In its letter, TI Latvia has confirmed a promise made to the president during a meeting on August 28 – that it will work with the Presidential Chancery and the Ministry of Health to organise a public forum on ways in which the management of health care can be improved. The aim of the forum will be to establish a programmatic vision on the good governance in the health care sector, including as many interest groups in this process as possible. The forum is planned for late October or early November.
The initiative is based on the aforementioned meeting between President Zatlers with the Council members of TI Latvia and selected experts. In May, TI Latvia criticised the way in which the governing coalition nominated the president – a process which gave society only nine days to evaluate whether the candidate was appropriate for the job. TI Latvia continues to believe that unlawful payments to doctors and evasion of taxes on such payments are not acceptable to anyone who wants a good reputation. TI Latvia also believes that the State Revenue Service has violated the principle of equal attitude by offering a selective evaluation to the president on the duty of paying taxes. Since the election of the president, however, TI Latvia has declined to speak to Valdis Zatlers’ obligations in this regard, because the relevant government institutions have not yet completed their investigation. TI Latvia would remind everyone, however, that this uncertainty continues to threaten the institution of the presidency.

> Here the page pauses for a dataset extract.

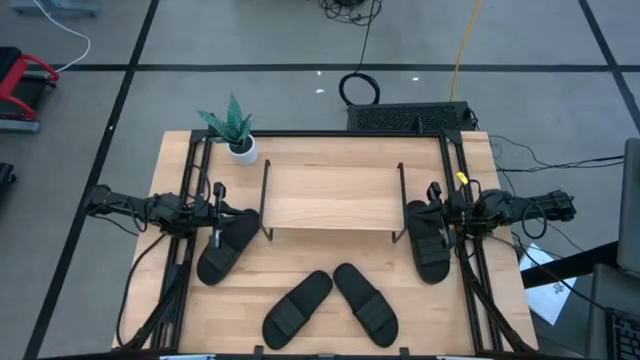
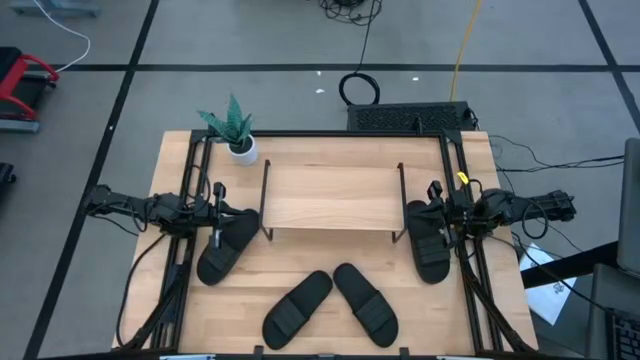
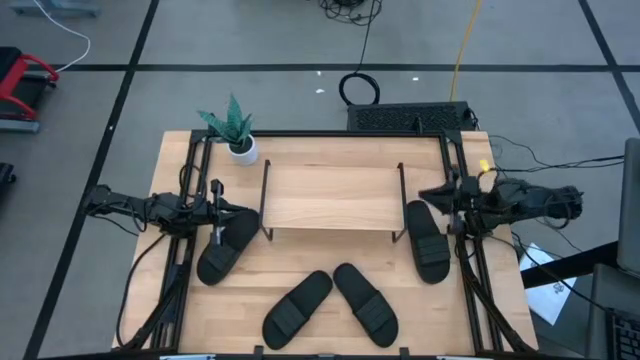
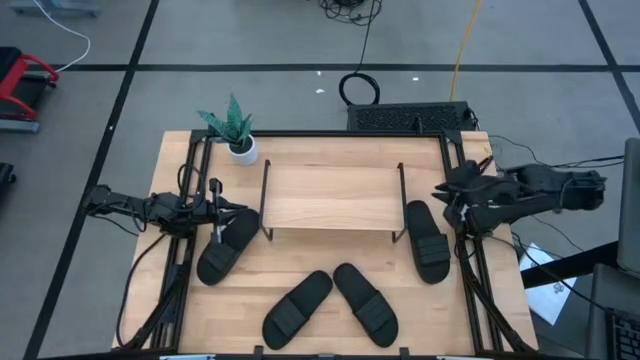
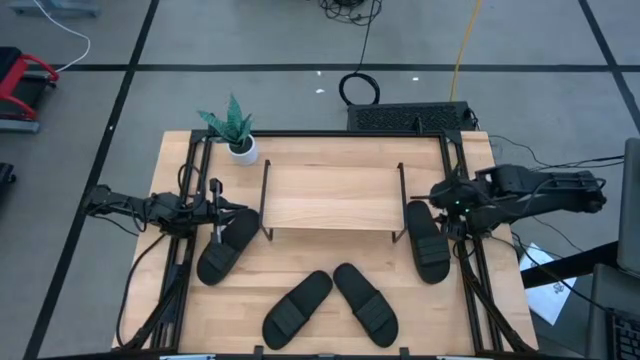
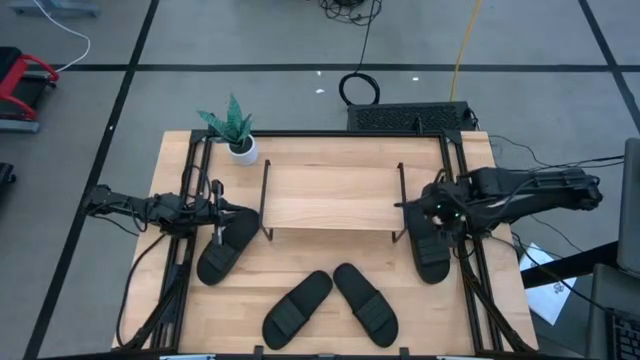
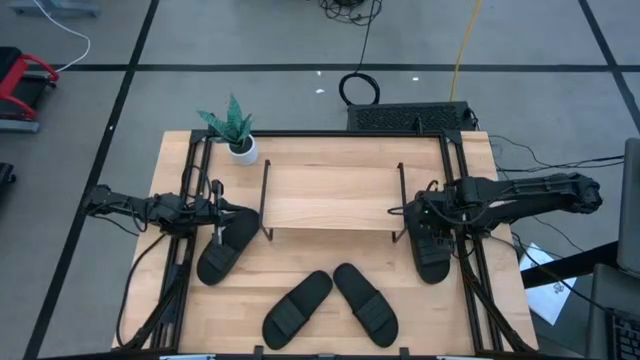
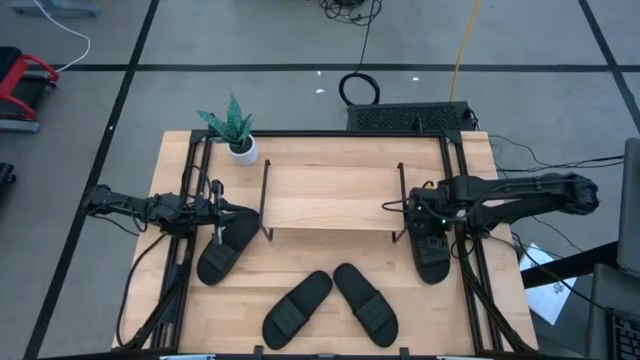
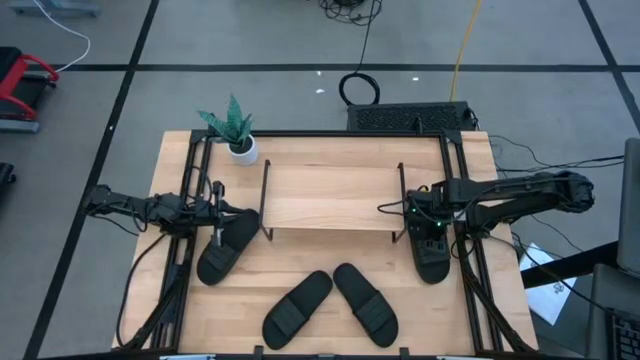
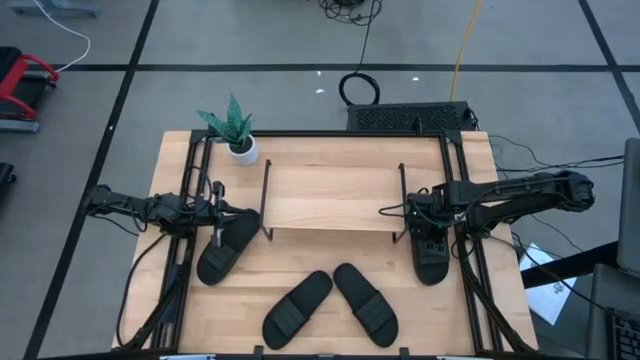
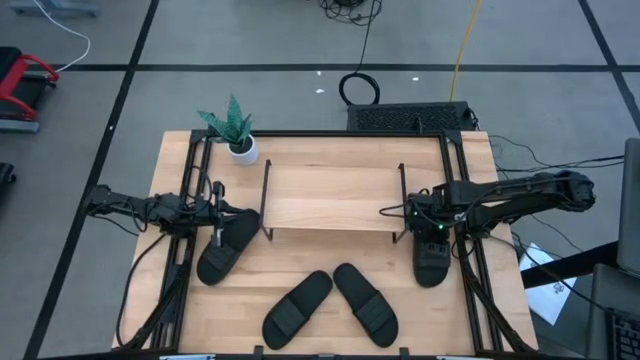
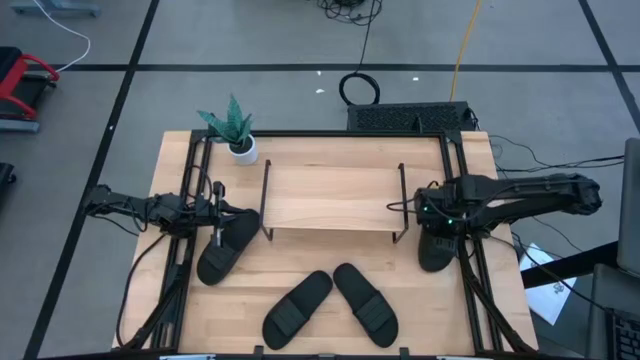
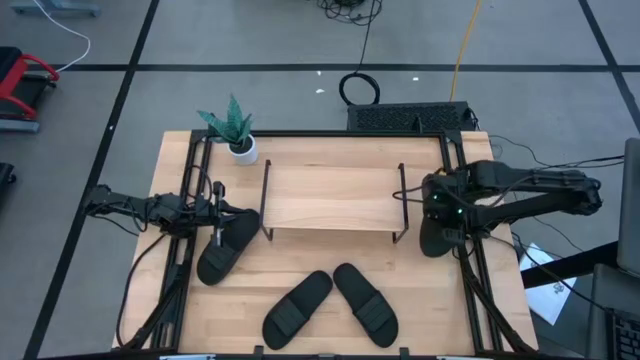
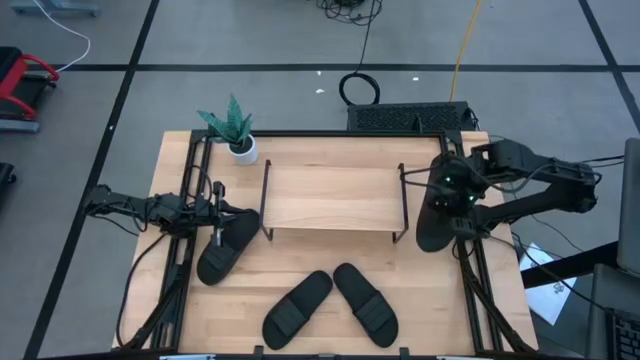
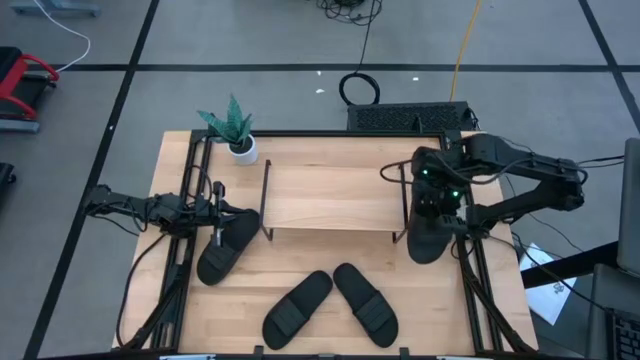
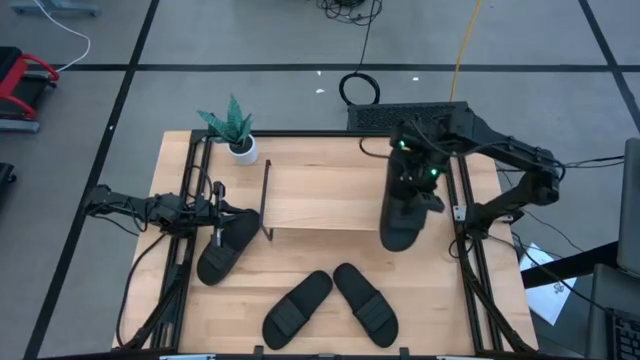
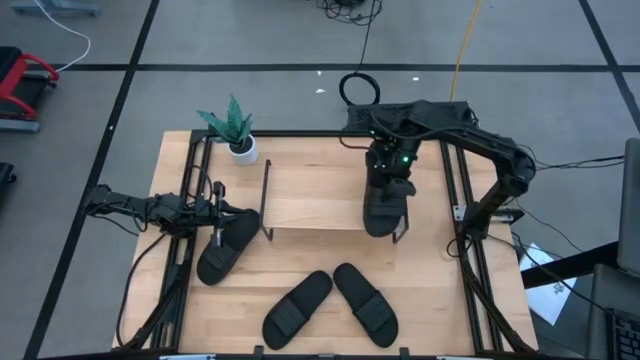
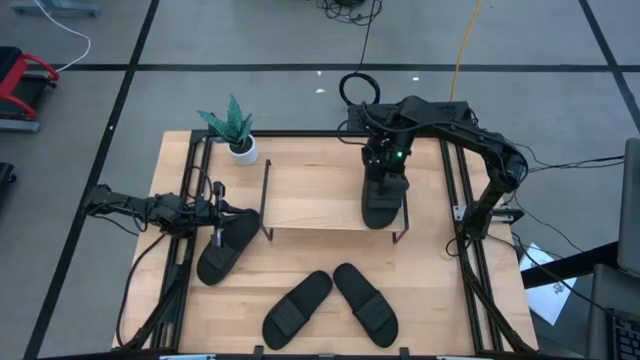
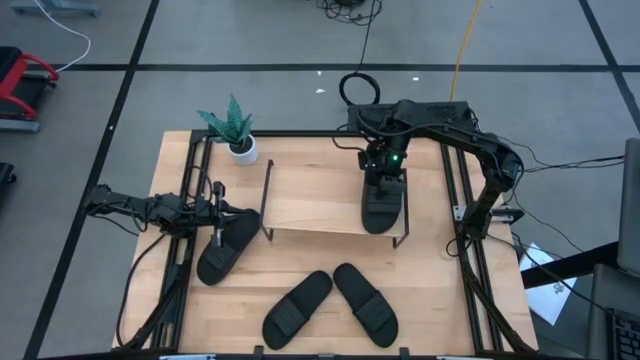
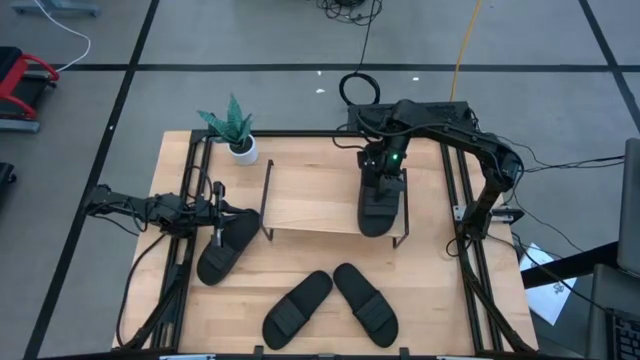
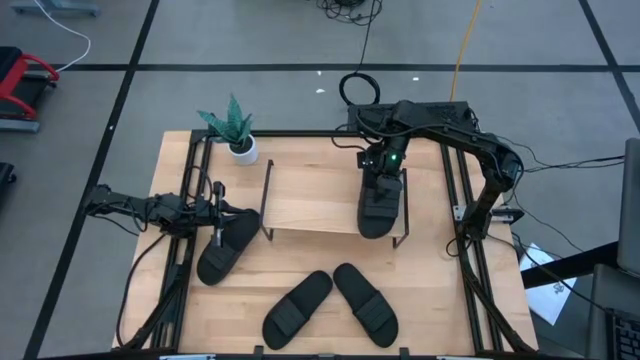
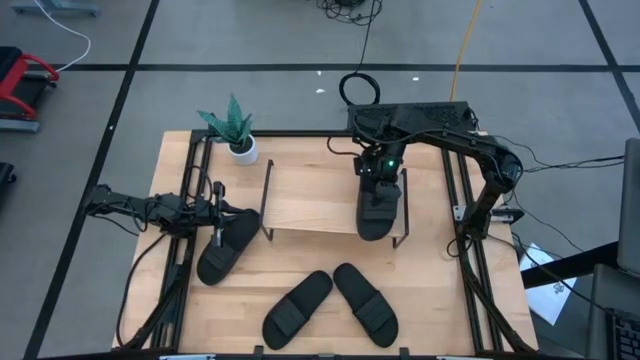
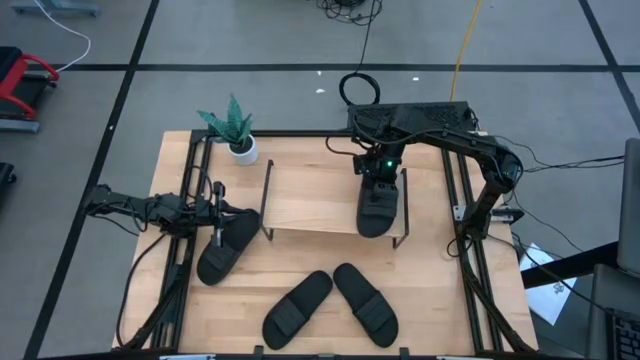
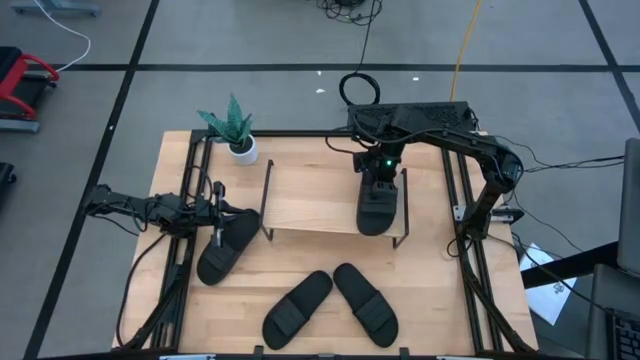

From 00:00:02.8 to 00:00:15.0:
Task: Pick and place slides into the shelf
Put the top right black slide on the shelf

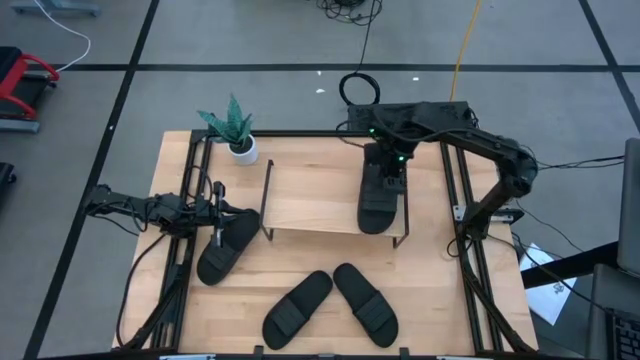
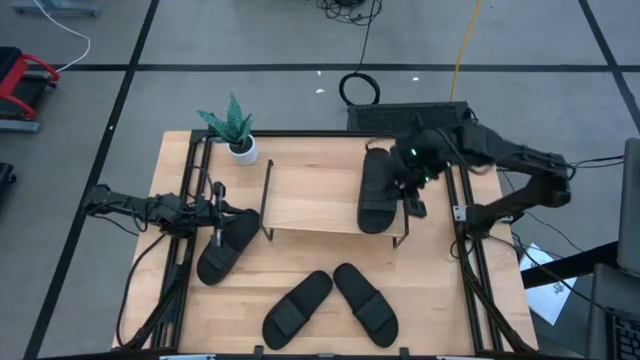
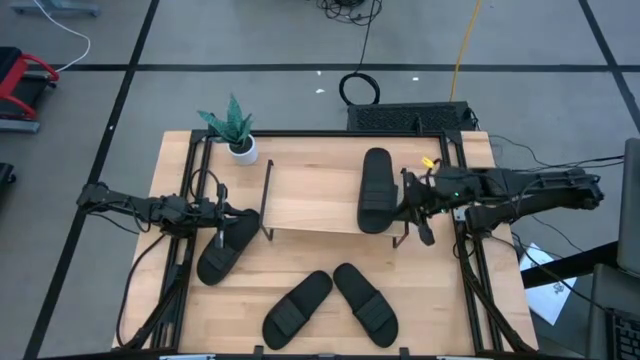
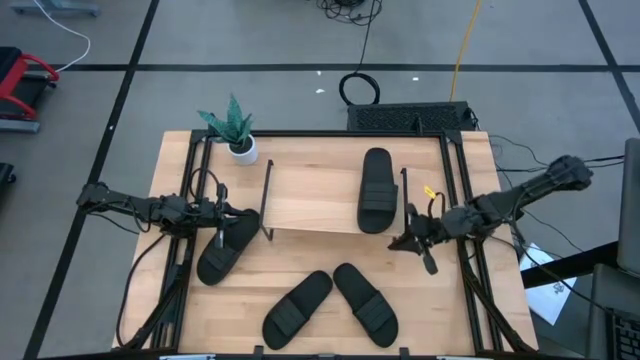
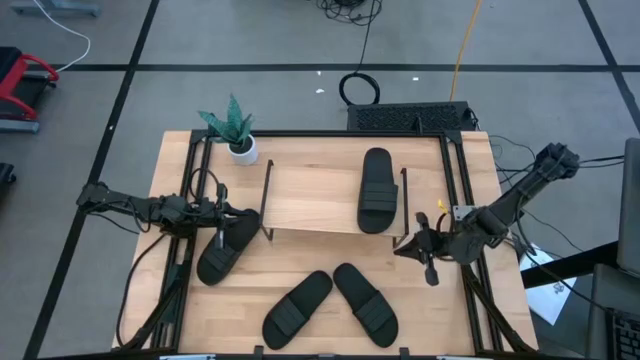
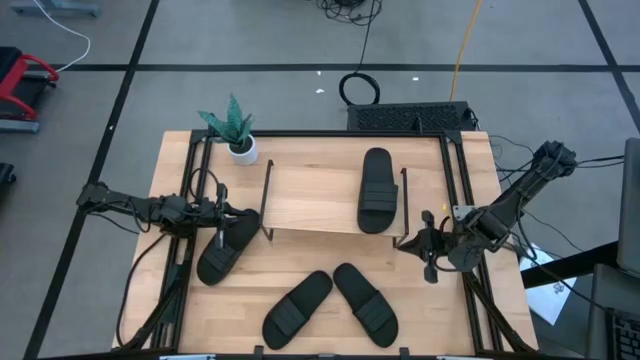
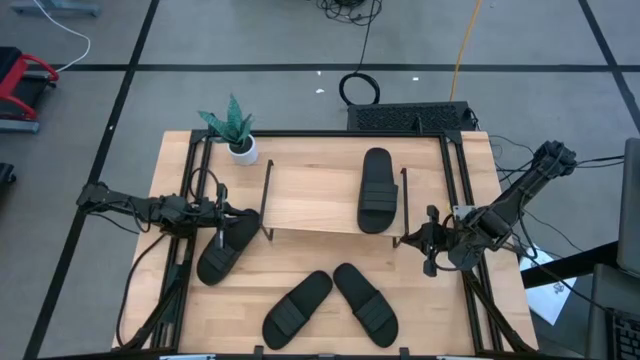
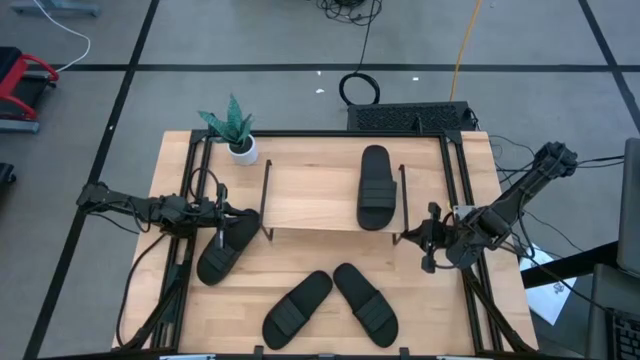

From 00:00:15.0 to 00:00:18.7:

For these reasons, TI Latvia has now asked President Zatlers to undertake responsibility for moving forward with an initiative to improve the management of health care. At the August 28 meeting, TI Latvia representatives were convinced of the president’s good will to act and to undertake responsibility for this matter. TI Latvia believes that President Zatlers can use the authority of his office and his own personal competence as a doctor to achieve systemic improvements in health care – improvements that would offer significant benefits to every resident of Latvia and would make an investment in strengthening the institution of the presidency.